End-to-End Single-Channel Speaker-Turn Aware Conversational Speech Translation
Zuluaga-Gomez, Juan, Huang, Zhaocheng, Niu, Xing, Paturi, Rohit, Srinivasan, Sundararajan, Mathur, Prashant, Thompson, Brian, Federico, Marcello
Conventional speech-to-text translation (ST) systems are trained on single-speaker utterances, and they may not generalize to real-life scenarios where the audio contains conversations by multiple speakers. In this paper, we tackle single-channel multi-speaker conversational ST with an end-to-end and multi-task training model, named Speaker-Turn Aware Conversational Speech Translation, that combines automatic speech recognition, speech translation and speaker turn detection using special tokens in a serialized labeling format.

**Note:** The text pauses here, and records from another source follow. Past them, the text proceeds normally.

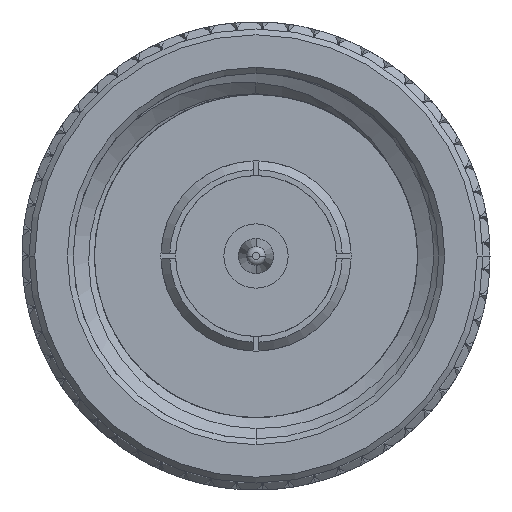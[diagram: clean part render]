
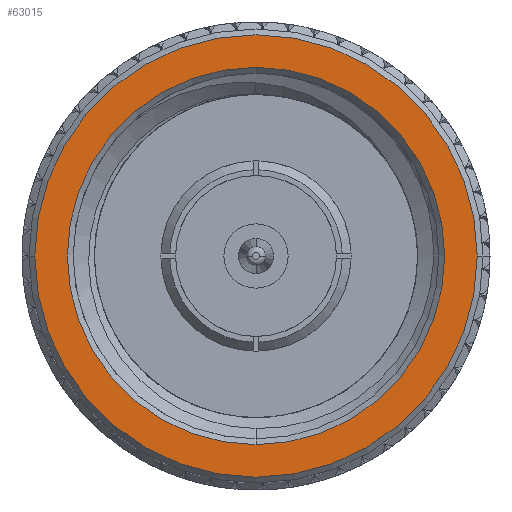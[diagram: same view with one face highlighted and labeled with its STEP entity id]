
A CAD part, left-side view. The second image highlights one B-rep face of the part: STEP entity #63015.
In plain terms, the highlighted planar face has unit normal (-1, 0, 0).
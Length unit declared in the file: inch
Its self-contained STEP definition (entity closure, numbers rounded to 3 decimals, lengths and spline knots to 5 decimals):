
#3010 = AXIS2_PLACEMENT_3D ( 'NONE', #61378, #76246, #12132 ) ;
#10417 = CIRCLE ( 'NONE', #3010, 0.37809 ) ;
#11631 = DIRECTION ( 'NONE',  ( 0., -1., 0. ) ) ;
#12132 = DIRECTION ( 'NONE',  ( 0., -1., 0. ) ) ;
#14368 = EDGE_LOOP ( 'NONE', ( #19201, #27672 ) ) ;
#15603 = EDGE_CURVE ( 'NONE', #54678, #27901, #31132, .T. ) ;
#18074 = EDGE_CURVE ( 'NONE', #78636, #62217, #10417, .T. ) ;
#19201 = ORIENTED_EDGE ( 'NONE', *, *, #63441, .T. ) ;
#19927 = CARTESIAN_POINT ( 'NONE',  ( 0., 0., 0. ) ) ;
#21592 = DIRECTION ( 'NONE',  ( 1., 0., 0. ) ) ;
#24900 = EDGE_CURVE ( 'NONE', #62217, #78636, #77806, .T. ) ;
#25998 = DIRECTION ( 'NONE',  ( 1., 0., 0. ) ) ;
#26617 = AXIS2_PLACEMENT_3D ( 'NONE', #43933, #21592, #72708 ) ;
#27672 = ORIENTED_EDGE ( 'NONE', *, *, #15603, .T. ) ;
#27901 = VERTEX_POINT ( 'NONE', #55565 ) ;
#30088 = DIRECTION ( 'NONE',  ( -1., 0., 0. ) ) ;
#31132 = CIRCLE ( 'NONE', #26617, 0.3225 ) ;
#36426 = PLANE ( 'NONE',  #91315 ) ;
#36626 = CARTESIAN_POINT ( 'NONE',  ( 0., 0., 0. ) ) ;
#38380 = ORIENTED_EDGE ( 'NONE', *, *, #24900, .T. ) ;
#43933 = CARTESIAN_POINT ( 'NONE',  ( 0., 0., 0. ) ) ;
#45265 = AXIS2_PLACEMENT_3D ( 'NONE', #19927, #25998, #11631 ) ;
#50611 = ORIENTED_EDGE ( 'NONE', *, *, #18074, .T. ) ;
#51201 = CIRCLE ( 'NONE', #45265, 0.3225 ) ;
#54678 = VERTEX_POINT ( 'NONE', #55109 ) ;
#55109 = CARTESIAN_POINT ( 'NONE',  ( 0., 0., -0.3225 ) ) ;
#55303 = EDGE_LOOP ( 'NONE', ( #38380, #50611 ) ) ;
#55565 = CARTESIAN_POINT ( 'NONE',  ( 0., 0., 0.3225 ) ) ;
#58245 = DIRECTION ( 'NONE',  ( -1., 0., 0. ) ) ;
#61378 = CARTESIAN_POINT ( 'NONE',  ( 0., 0., 0. ) ) ;
#61476 = AXIS2_PLACEMENT_3D ( 'NONE', #36626, #30088, #71479 ) ;
#62217 = VERTEX_POINT ( 'NONE', #67915 ) ;
#63015 = ADVANCED_FACE ( 'NONE', ( #72196, #85732 ), #36426, .T. ) ;
#63441 = EDGE_CURVE ( 'NONE', #27901, #54678, #51201, .T. ) ;
#64803 = CARTESIAN_POINT ( 'NONE',  ( 0., -0.37809, 0. ) ) ;
#67915 = CARTESIAN_POINT ( 'NONE',  ( 0., 0.37809, 0. ) ) ;
#71479 = DIRECTION ( 'NONE',  ( 0., -1., 0. ) ) ;
#72196 = FACE_BOUND ( 'NONE', #14368, .T. ) ;
#72708 = DIRECTION ( 'NONE',  ( 0., -1., 0. ) ) ;
#76246 = DIRECTION ( 'NONE',  ( -1., 0., 0. ) ) ;
#77806 = CIRCLE ( 'NONE', #61476, 0.37809 ) ;
#78268 = DIRECTION ( 'NONE',  ( 0., -1., 0. ) ) ;
#78636 = VERTEX_POINT ( 'NONE', #64803 ) ;
#85732 = FACE_OUTER_BOUND ( 'NONE', #55303, .T. ) ;
#91315 = AXIS2_PLACEMENT_3D ( 'NONE', #91818, #58245, #78268 ) ;
#91818 = CARTESIAN_POINT ( 'NONE',  ( 0., 0.38809, 0. ) ) ;
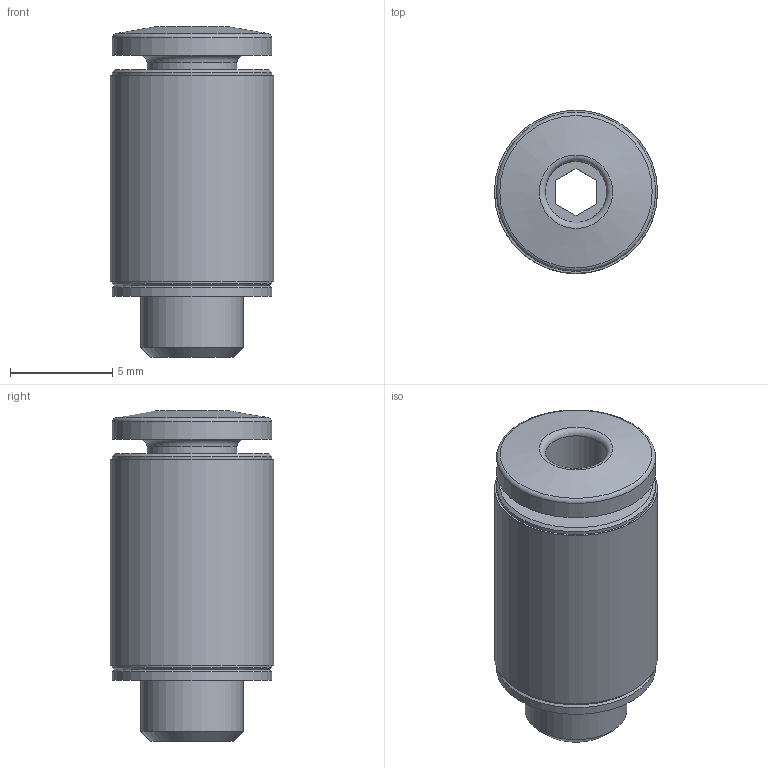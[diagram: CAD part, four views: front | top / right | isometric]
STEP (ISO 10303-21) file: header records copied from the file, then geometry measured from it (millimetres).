
FILE_DESCRIPTION(/* description */ ('STEP AP214'),/* implementation_level */ '2;1');
FILE_NAME(/* name */ '132916_QSM-M5-3-I-R-100',/* time_stamp */ '2024-09-14T13:28:50+02:00',/* author */ ('License CC BY-ND 4.0'),/* organization */ ('CADENAS'),/* preprocessor_version */ 'ST-DEVELOPER v19.3',/* originating_system */ 'PARTsolutions',/* authorisation */ ' ');
FILE_SCHEMA (('AUTOMOTIVE_DESIGN {1 0 10303 214 3 1 1}'));
Length unit declared in the file: millimetre
Products named in the file (1): 132916 QSM-M5-3-I-R-100
Bounding box: 8 x 8 x 16.2 mm (x, y, z)
Volume: 584.4 mm3; surface area: 651 mm2
Topology: 1 solids, 1 shells, 29 faces, 56 edges, 34 vertices
Faces by surface type: plane 13, cylinder 8, cone 5, torus 3
Full cylindrical faces by diameter (mm): 3 x1, 4.4 x1, 5 x1, 7.8 x4, 8 x1
Entity records: 884 total; most frequent: DIRECTION 122, CARTESIAN_POINT 104, ORIENTED_EDGE 80, EDGE_LOOP 52, FACE_BOUND 52, AXIS2_PLACEMENT_3D 52, EDGE_CURVE 40, VERTEX_POINT 34
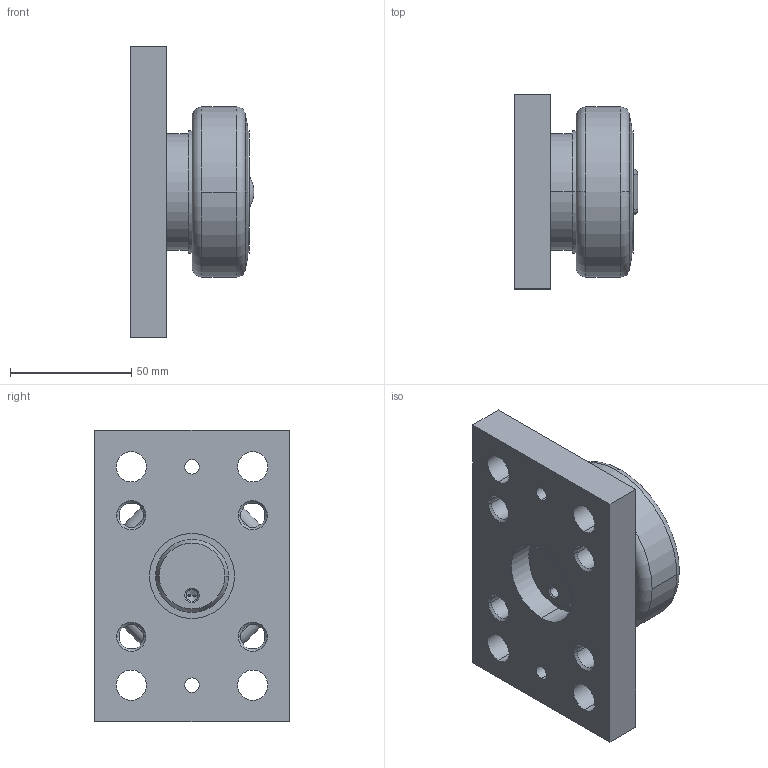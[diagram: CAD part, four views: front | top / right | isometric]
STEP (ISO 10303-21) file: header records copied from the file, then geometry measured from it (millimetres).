
FILE_DESCRIPTION(('STEP AP214'),'1');
FILE_NAME('4_055_HT_AP_1.stp','2016-05-28T11:24:50',('TraceParts'),('TraceParts S.A.'),'Spatial InterOp 3D',' ',' ');
FILE_SCHEMA(('automotive_design'));
Length unit declared in the file: millimetre
Products named in the file (1): 1
Bounding box: 51 x 80 x 120 mm (x, y, z)
Volume: 229545.9 mm3; surface area: 39809.3 mm2
Topology: 1 solids, 1 shells, 89 faces, 216 edges, 136 vertices
Faces by surface type: cylinder 36, cone 26, plane 21, torus 6
Entity records: 2830 total; most frequent: CARTESIAN_POINT 608, DIRECTION 501, ORIENTED_EDGE 428, EDGE_CURVE 214, AXIS2_PLACEMENT_3D 205, VERTEX_POINT 136, EDGE_LOOP 118, CIRCLE 115
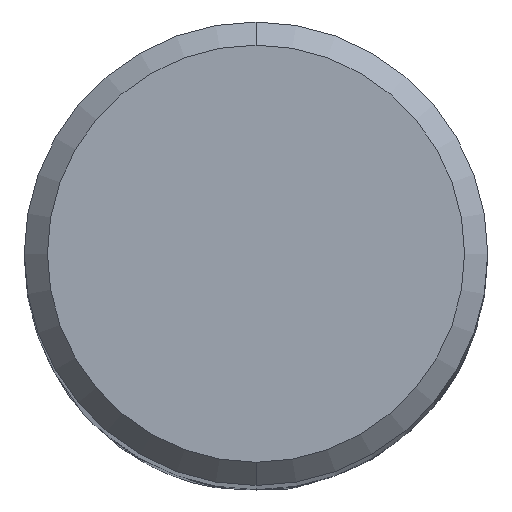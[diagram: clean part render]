
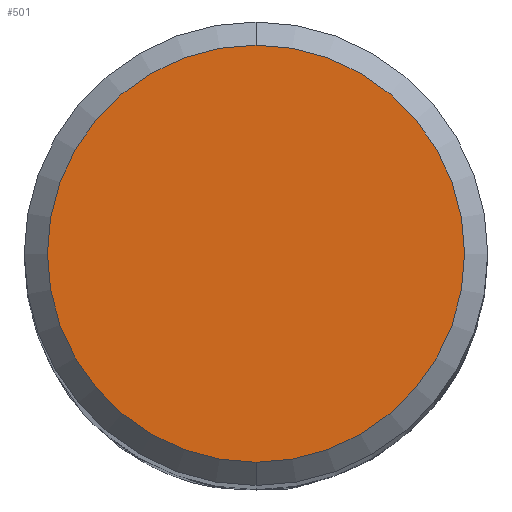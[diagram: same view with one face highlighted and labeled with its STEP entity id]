
A CAD part, top view. The second image highlights one B-rep face of the part: STEP entity #501.
In plain terms, the highlighted planar face has unit normal (0, 0, 1).
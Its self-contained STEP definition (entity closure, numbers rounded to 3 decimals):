
#463=VERTEX_POINT('',#1088);
#501=ADVANCED_FACE('',(#1130),#1131,.T.);
#659=VERTEX_POINT('',#1299);
#799=EDGE_CURVE('',#463,#659,#1451,.T.);
#843=EDGE_CURVE('',#659,#463,#1502,.T.);
#1088=CARTESIAN_POINT('',(0.0,4.5,0.0));
#1130=FACE_OUTER_BOUND('',#3097,.T.);
#1131=PLANE('',#3098);
#1299=CARTESIAN_POINT('',(0.,-4.5,0.0));
#1451=CIRCLE('',#4602,4.5);
#1502=CIRCLE('',#4733,4.5);
#3097=EDGE_LOOP('',(#5715,#5716));
#3098=AXIS2_PLACEMENT_3D('',#5717,#5718,#5719);
#4602=AXIS2_PLACEMENT_3D('',#6031,#6032,#6033);
#4733=AXIS2_PLACEMENT_3D('',#6095,#6096,#6097);
#5715=ORIENTED_EDGE('',*,*,#799,.F.);
#5716=ORIENTED_EDGE('',*,*,#843,.F.);
#5717=CARTESIAN_POINT('',(0.0,2.25,0.0));
#5718=DIRECTION('',(-0.0,0.0,1.0));
#5719=DIRECTION('',(0.0,-1.0,0.0));
#6031=CARTESIAN_POINT('',(0.0,0.0,0.0));
#6032=DIRECTION('',(0.0,0.0,-1.0));
#6033=DIRECTION('',(0.0,1.0,0.0));
#6095=CARTESIAN_POINT('',(0.0,0.0,0.0));
#6096=DIRECTION('',(0.0,0.0,-1.0));
#6097=DIRECTION('',(0.0,1.0,0.0));
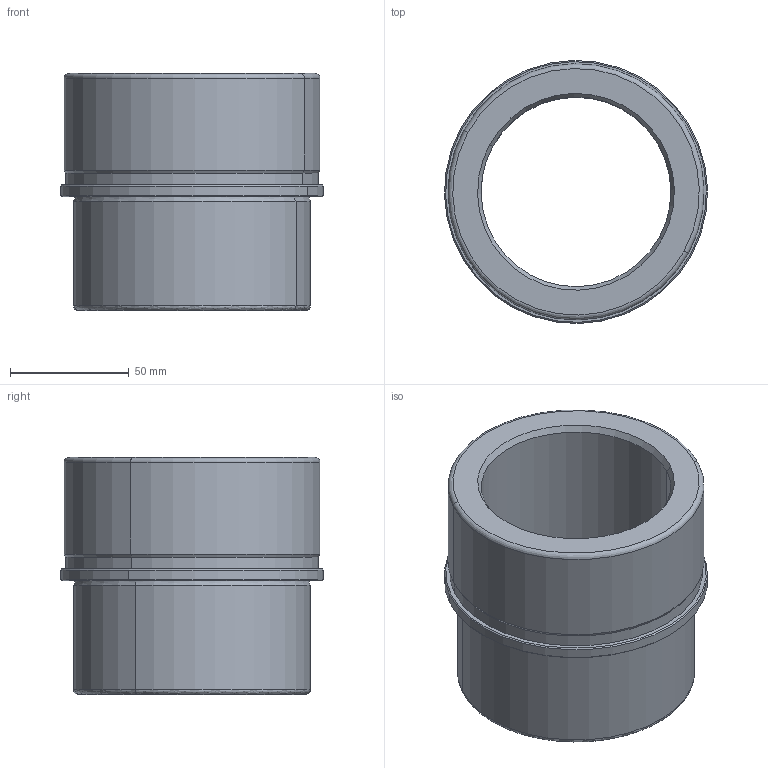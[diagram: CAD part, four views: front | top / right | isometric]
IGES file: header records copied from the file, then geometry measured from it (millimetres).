
Start section: START RECORD GO HERE.
Global section: file name: RDBG200M.8010048.igs; native system: IBM CATIA IGES - CATIA Version 5 Release 19 ; preprocessor: CATIA Version 5 Release 19 ; author: Astroboy; organization: Astroboy-PC; date: 20170703.003404; units: millimetre
Bounding box: 110.97 x 110.97 x 100 mm (x, y, z)
Surface area: 66628.5 mm2 (no closed solid volume)
Topology: 0 solids, 0 shells, 30 faces, 125 edges, 129 vertices
Faces by surface type: revolution 26, plane 4
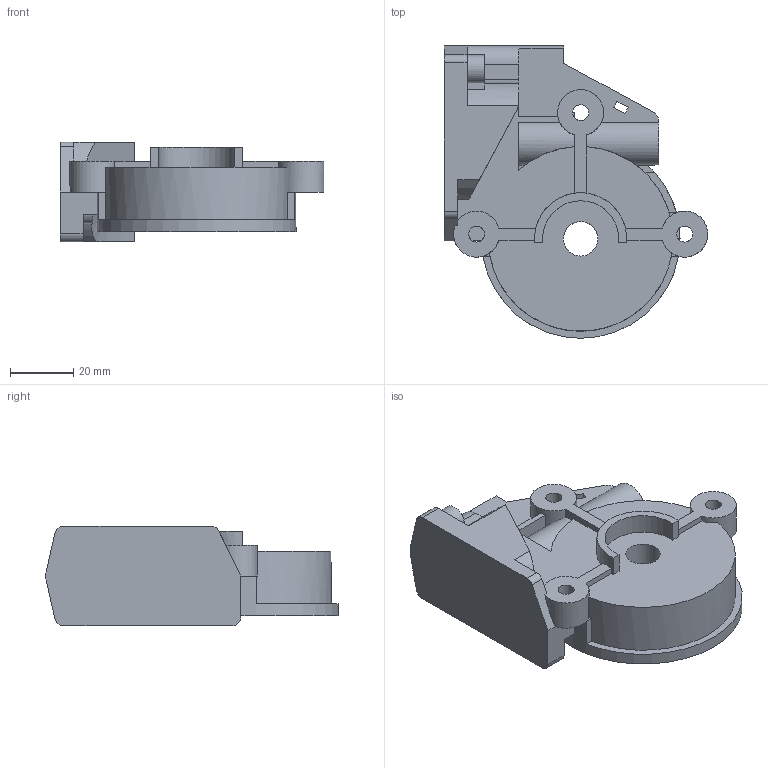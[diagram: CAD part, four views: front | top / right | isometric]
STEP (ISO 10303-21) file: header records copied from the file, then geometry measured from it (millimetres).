
FILE_DESCRIPTION(/* description */ (''),/* implementation_level */ '2;1');
FILE_NAME(/* name */ 'AM-2235 gearbox housing.ipt.stp',/* time_stamp */ '2016-01-07T16:47:05-08:00',/* author */ ('Autodesk Inc.'),/* organization */ ('Autodesk Inc.'),/* preprocessor_version */ 'ST-DEVELOPER v16.1',/* originating_system */ 'Autodesk Inventor 2016',/* authorisation */ '');
FILE_SCHEMA (('AUTOMOTIVE_DESIGN { 1 0 10303 214 3 1 1 }'));
Length unit declared in the file: inch
Products named in the file (1): AM-2235 gearbox housing
Bounding box: 83.54 x 92.74 x 31.5 mm (x, y, z)
Volume: 99782.9 mm3; surface area: 21369 mm2
Topology: 1 solids, 1 shells, 109 faces, 314 edges, 204 vertices
Faces by surface type: plane 77, cylinder 31, cone 1
Full cylindrical faces by diameter (mm): 5.08 x3, 10.922 x1, 62.992 x1
Entity records: 3754 total; most frequent: CARTESIAN_POINT 700, DIRECTION 621, ORIENTED_EDGE 610, EDGE_CURVE 305, AXIS2_PLACEMENT_3D 213, VERTEX_POINT 200, LINE 195, VECTOR 195

We run experiments on the Fisher-CALLHOME corpus, which we adapted by merging the two single-speaker channels into one multi-speaker channel, thus representing the more realistic and challenging scenario with multi-speaker turns and cross-talk. Experimental results across single- and multi-speaker conditions and against conventional ST systems, show that our model outperforms the reference systems on the multi-speaker condition, while attaining comparable performance on the single-speaker condition. We release scripts for data processing and model training.